L’agenzia Agi riferisce che nelle disposizioni dei magistrati viene condannato anche il “meccanismo del ranking“: “Perché non è affatto vero che hanno libertà di decidere quando andare a lavorare, perché chi non può farlo, anche solo per un giorno magari per motivi di salute, viene penalizzato” dall’algoritmo” sostengono i magistrati.

I rider sono cittadini che hanno bisogno di una tutela giuridica” – ha affermato il procuratore capo di Milano, Francesco Greco – “In questa situazione di Covid i rider hanno svolto una funzione essenziale sia per portare da mangiare alle persone, sia per permettere a molte imprese di sopravvivere, con le consegne“.

Ma il magistrato ha anche precisato che “Ci troviamo davanti ad un’organizzazione aziendale che funziona attraverso l’intelligenza artificiale. Non c’è più il caporalato che conoscevamo prima, con il capo-reparto che sorveglia i lavoratori, ma in questo caso è un programma a sorvegliarli. E questo è un problema che ha dei risvolti giuridici. I nuovi tipi di lavoro pongono poi “problemi di competenza territoriale e giurisdizione“.

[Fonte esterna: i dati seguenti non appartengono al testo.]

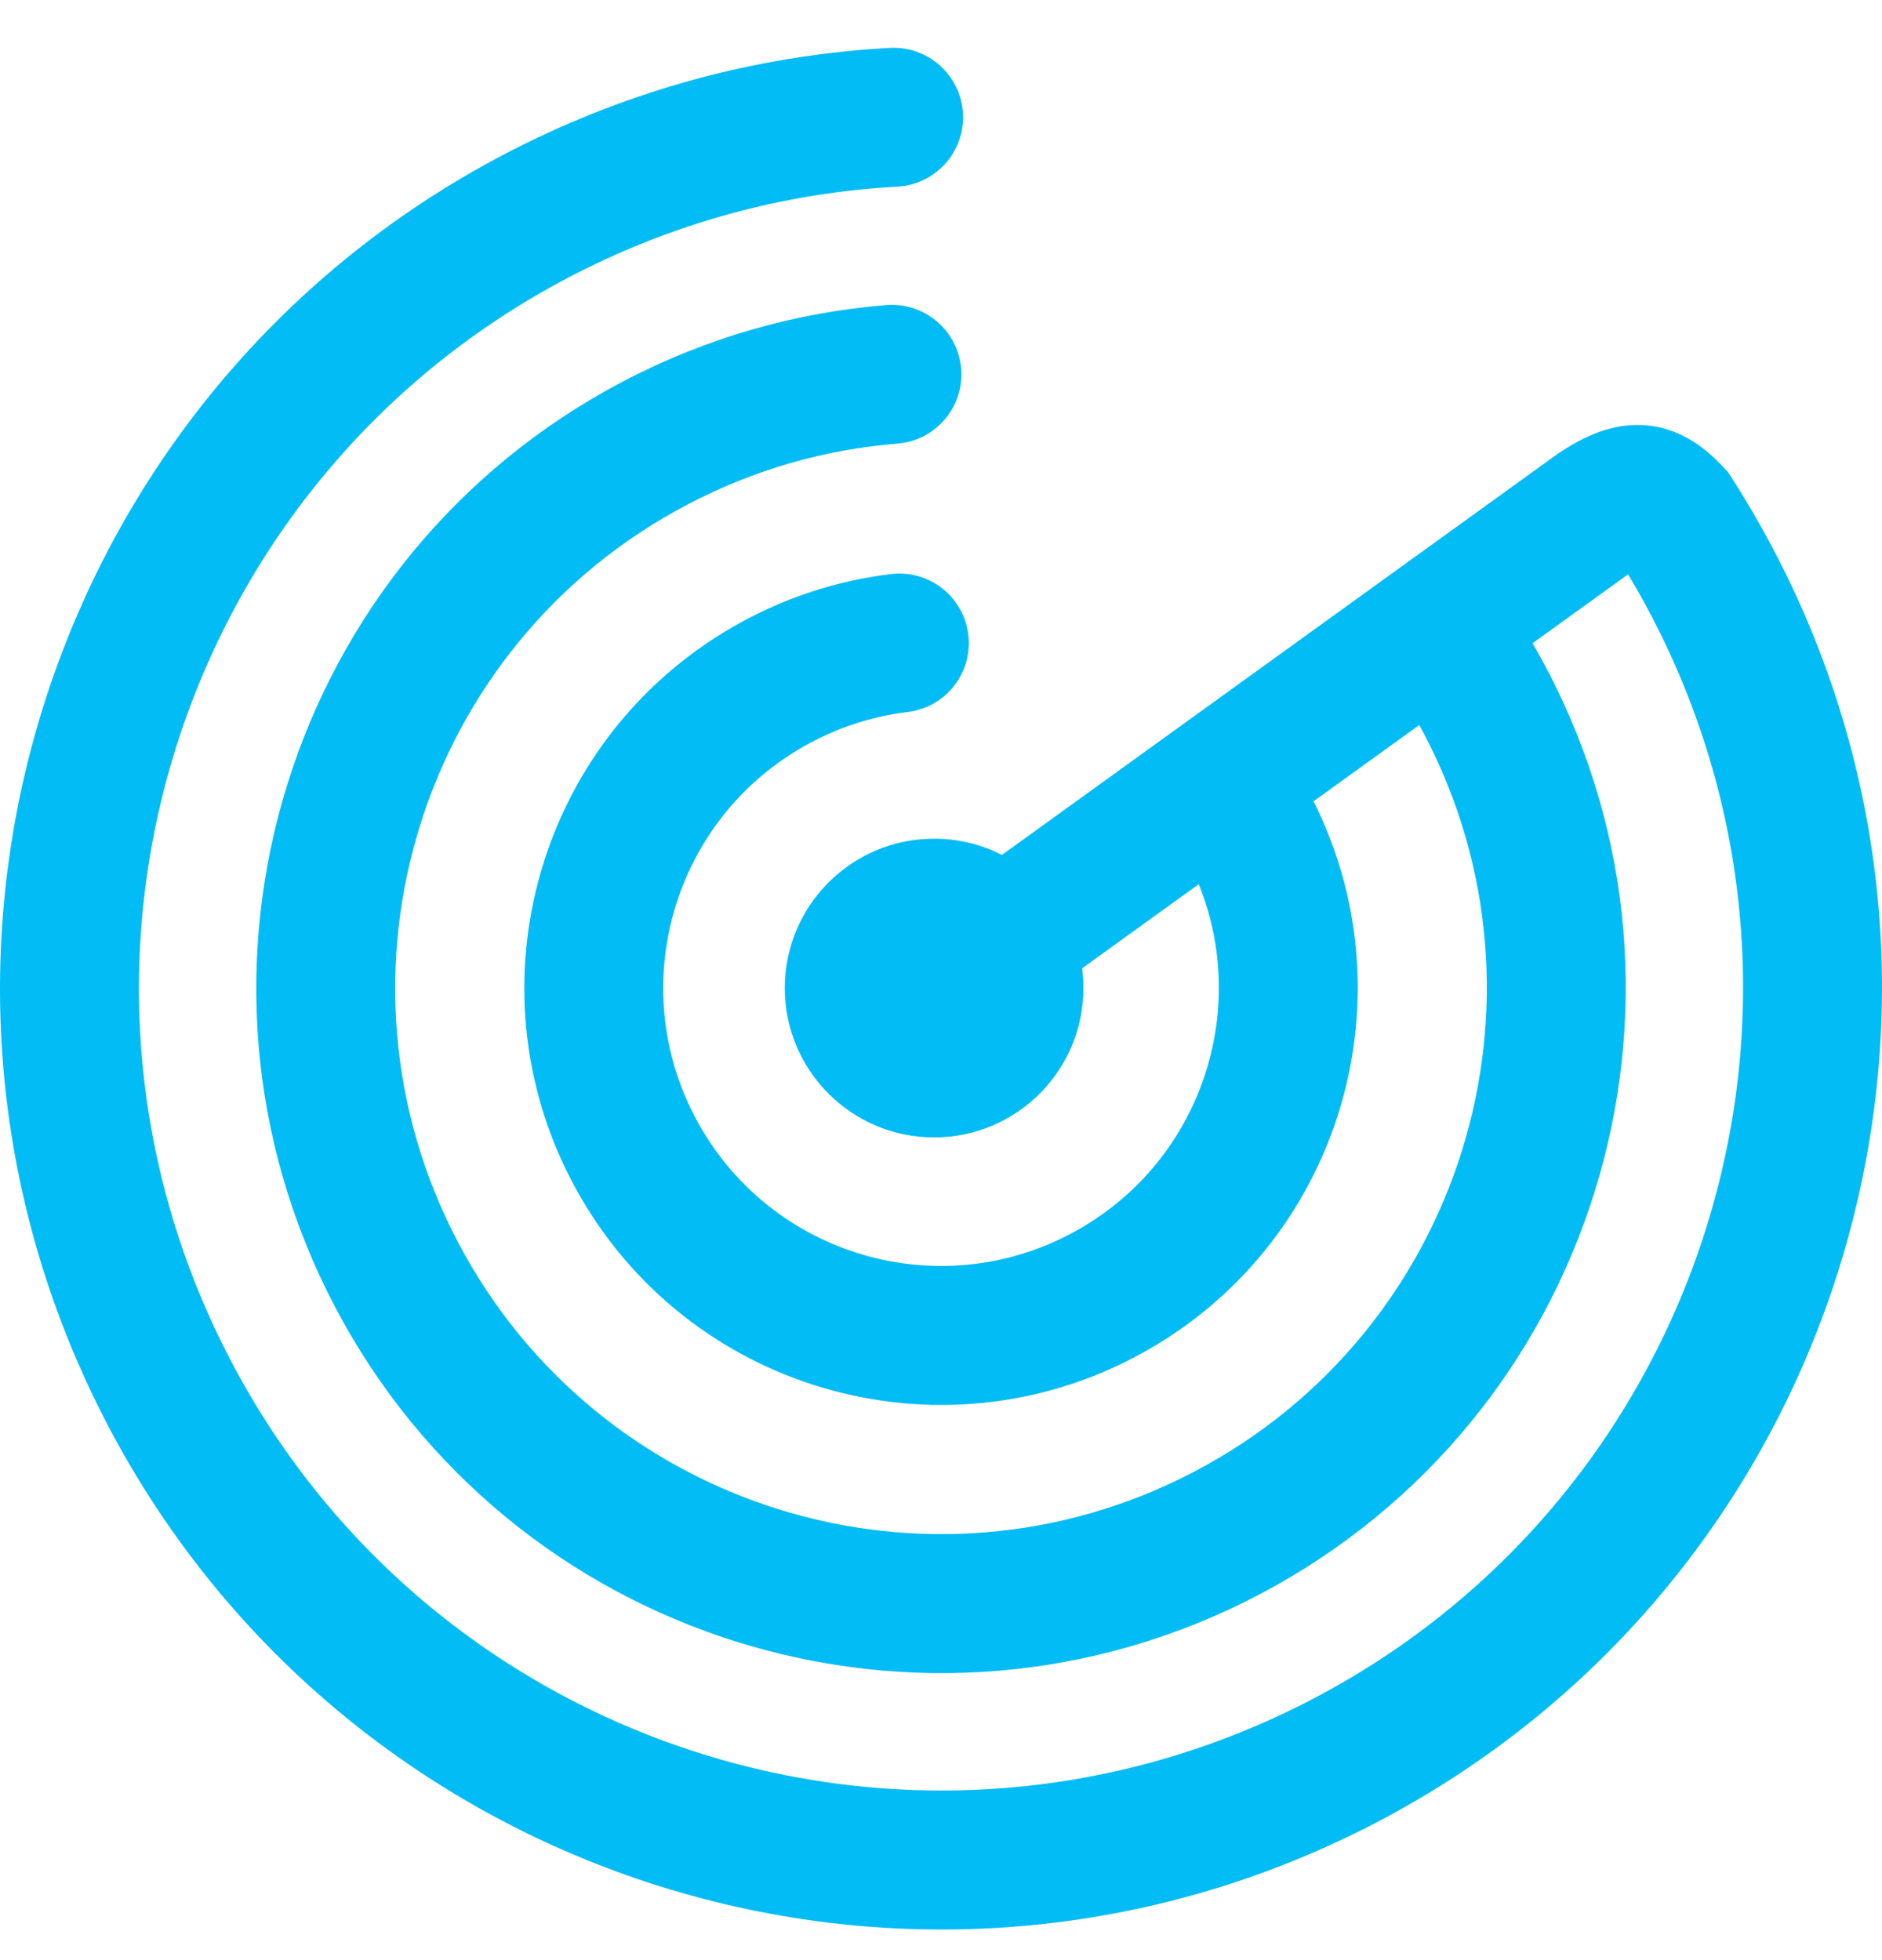 <svg width="24" height="25" viewBox="0 0 24 25" fill="none" xmlns="http://www.w3.org/2000/svg">
<path id="logo" fill-rule="evenodd" clip-rule="evenodd" d="M2.827 17.125C0.331 12.055 2.414 5.92 7.48 3.422C8.76 2.791 10.106 2.453 11.443 2.381C11.931 2.354 12.306 1.937 12.28 1.448C12.253 0.96 11.836 0.585 11.348 0.611C9.776 0.696 8.196 1.094 6.698 1.832C0.754 4.763 -1.69 11.96 1.238 17.908C4.166 23.855 11.359 26.301 17.302 23.371C23.246 20.441 25.69 13.243 22.762 7.296C22.555 6.876 22.327 6.474 22.08 6.089L22.037 6.022L21.982 5.964C21.777 5.744 21.435 5.438 20.926 5.421C20.477 5.405 20.108 5.63 19.888 5.772L19.869 5.785L12.777 10.904C12.517 10.771 12.223 10.697 11.912 10.697C10.861 10.697 10.008 11.55 10.008 12.602C10.008 13.654 10.861 14.507 11.912 14.507C12.964 14.507 13.816 13.654 13.816 12.602C13.816 12.516 13.81 12.433 13.8 12.35L15.287 11.277C15.938 12.889 15.32 14.777 13.771 15.671C12.077 16.65 9.911 16.069 8.933 14.374C7.954 12.679 8.535 10.511 10.229 9.532C10.658 9.284 11.115 9.137 11.575 9.081C12.06 9.023 12.407 8.582 12.348 8.096C12.29 7.61 11.849 7.263 11.363 7.322C10.671 7.405 9.984 7.627 9.344 7.997C6.802 9.465 5.932 12.717 7.399 15.26C8.866 17.803 12.116 18.674 14.657 17.206C17.107 15.791 18.004 12.718 16.751 10.22L18.099 9.247C18.12 9.287 18.142 9.326 18.163 9.366C19.948 12.772 18.637 16.982 15.233 18.768C11.83 20.555 7.623 19.243 5.837 15.837C4.052 12.431 5.363 8.222 8.767 6.435C9.627 5.983 10.536 5.73 11.444 5.658C11.932 5.619 12.296 5.192 12.257 4.704C12.218 4.217 11.791 3.853 11.304 3.891C10.162 3.982 9.02 4.301 7.944 4.866C3.674 7.107 2.029 12.388 4.269 16.661C6.509 20.933 11.787 22.579 16.056 20.338C20.326 18.096 21.971 12.815 19.731 8.543C19.671 8.428 19.608 8.315 19.544 8.204L20.762 7.325C20.908 7.568 21.046 7.819 21.173 8.079C23.669 13.149 21.586 19.284 16.52 21.781C11.453 24.279 5.323 22.194 2.827 17.125Z" fill="#02BCF5"/>
</svg>

Su Uber Eats, è stata aperta a Milano anche una indagine di tipo fiscale. Il fascicolo ha l’obiettivo di “verificare se ci sia una stabile organizzazione occulta” che nasconde al Fisco italiano gli introiti delle grandi società di delivery.

I magistrati proveranno a verificare “se si debbano riportare in Italia” le entrate ottenute “attraverso l’attività dei ciclo-fattorini“. Il capo dell’ufficio inquirente milanese ha spiegato che “i pagamenti” da parte dei clienti “sono effettuati online e non sappiamo dove vengono recepiti“.

Nei mesi scorsi sempre da Milano era partito il commissariamento per caporalato verso Uber Italy, la filiale italiana della multinazionale del delivery. Il tribunale aveva disposto l’amministrazione straordinaria, dopo aver scoperto delle ditte di intermediazione che pagavano i fattorini meno di 3 euro a consegna con la compiacenza di una dirigente di Uber. Il processo con rito abbreviato per la parte penale è ancora in corso.